Wednesday, March 11, 2009

Welcoming a New Hollow: on Elaine Showalter's "Towards a Feminist Poetics"

I have dealt with examples of both feminist critique and gynocritics in past English courses and personal readings, but what I had never considered were the limitations present in works of feminist critique. The woman as a reader was not something I had considered. I have closely read works like Milton’s epic Paradise Lost, The Interesting Narrative of the Life of Olaudah Equiano, or Gustavus Vassa, the African (by himself) and Melville’s Benito Cereno – all novels pertaining to levels of feminist critique, but until now I have failed to recognize the pitfall-like fissures in what I now recognize as certain male-constructed histories. Paradise Lost is Milton’s take on Genesis, the creation story, in which Eve is the central female figure, the mother of all mothers, sisters, daughters, etc., and she is depicted as a passive, narcissistic creature, who is easily persuaded by Satan to bite the infamous apple and – under his influence – forces Adam to do the same. Gustavus Vassa’s ‘Narrative’ features brief images of women, always represented as passive animals or as slaves among slaves. Melville’s depiction of the enslaved women aboard the San Dominick is much alike Vassa’s, but aboard this ship, the slaves enslave their captain, and the women are still given little or no respect.

Men have not been exposed to the same level nor amount of historical oppression and angst as the female, and authors use the examples of women in these stories to promote social, historical, and political change. We see that male authorship as a sole voice in the literary canon presents historical and ideological boundaries, and we can recognize a language that is more noisy than informative. What gynocritics provides the scholarly ivory tower of literature with is a frequency that can be interpreted more freely. It essentially rips a hole in the bodily head of literature, out from which can emerge a new voice, one that analyzes and interprets from a perspective of the socially oppressed.
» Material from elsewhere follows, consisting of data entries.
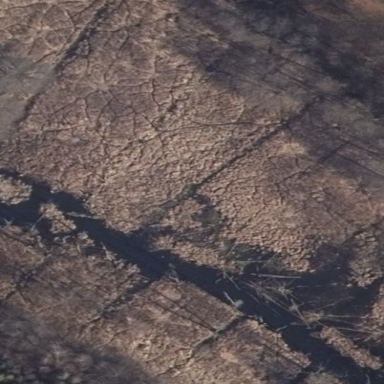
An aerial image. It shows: Beautiful wet meadow natural wetland.
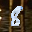
Label: 8
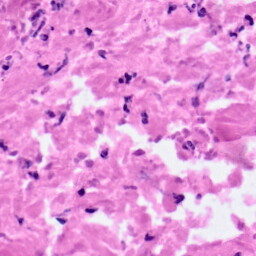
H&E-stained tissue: Pancreatic
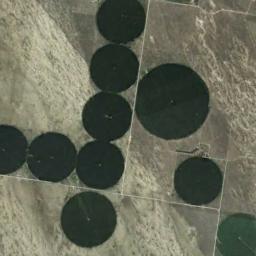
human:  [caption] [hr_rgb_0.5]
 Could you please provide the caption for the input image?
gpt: Some green circle farmland are in the bare land .

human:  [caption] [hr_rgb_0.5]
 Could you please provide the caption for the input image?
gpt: Dozens of green, Neatly arranged circular farmlands of various sizes, .

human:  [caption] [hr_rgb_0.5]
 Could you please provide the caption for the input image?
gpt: Round fields are empty .

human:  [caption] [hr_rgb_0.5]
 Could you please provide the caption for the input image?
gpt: Several dark green circular farmlands with different radii are neatly arranged on the wasteland .

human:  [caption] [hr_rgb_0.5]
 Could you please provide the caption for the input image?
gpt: There are some circular farmlands arranged neatly .
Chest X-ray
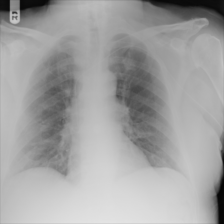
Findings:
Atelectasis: negative
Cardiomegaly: negative
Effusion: negative
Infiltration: negative
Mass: negative
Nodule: negative
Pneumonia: negative
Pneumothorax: negative
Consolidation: negative
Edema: negative
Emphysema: negative
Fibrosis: negative
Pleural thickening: negative
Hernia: negative
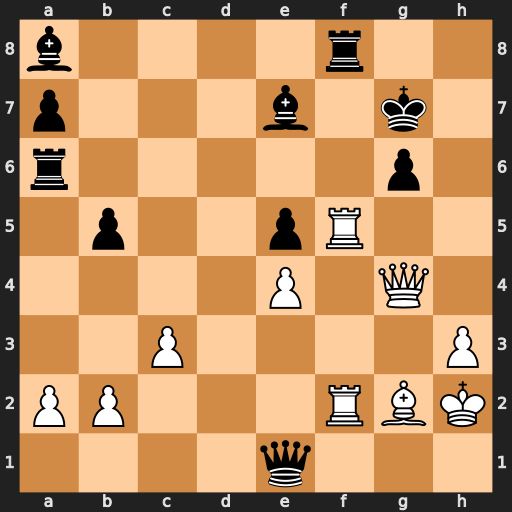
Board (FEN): b4r2/p3b1k1/r5p1/1p2pR2/4P1Q1/2P4P/PP3RBK/4q3
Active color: w
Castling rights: -
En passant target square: -
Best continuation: Rxf8 Qxf2 Rxf2
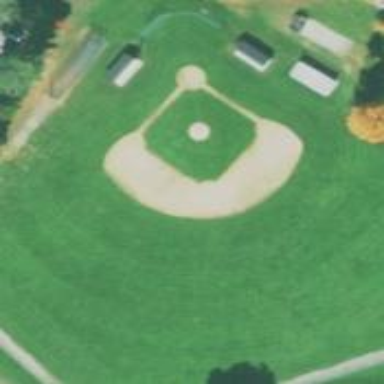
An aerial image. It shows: Baseball pitch for leisure land.
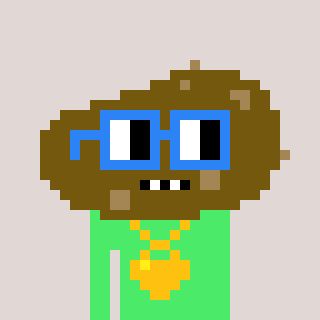
a pixel art character with square blue glasses, a potato-shaped head and a teal-colored body on a warm background

The Other gains a voice, and the reader can accept the language as authoritative without worrying about an essence of tyranny.

The more gynocritics that ascend into the known realm of the literary, the more easily and readily we align ourselves with their poverties of innocence, their stories of patriarchal enslavement and destitution; and the more authority-like these figures become. Authority is a powerful device to be wielded, and sometimes authors will abuse it to sneak things past their readers, toying with and exploiting their passivity. Yes, the gynocritics will leave hollows in their wake, but once disturbed, the soil of authority is at least less dense, and passive readers that tumble into these empty spaces need only embrace the practices of critical thinking and close reading to gain the strength required to dig themselves out. With the rising of (any) new voices in the verbal community of literature, readers should only see more necessity in close reading, for it is their only tool and comfort in the world of obscurity that is literature.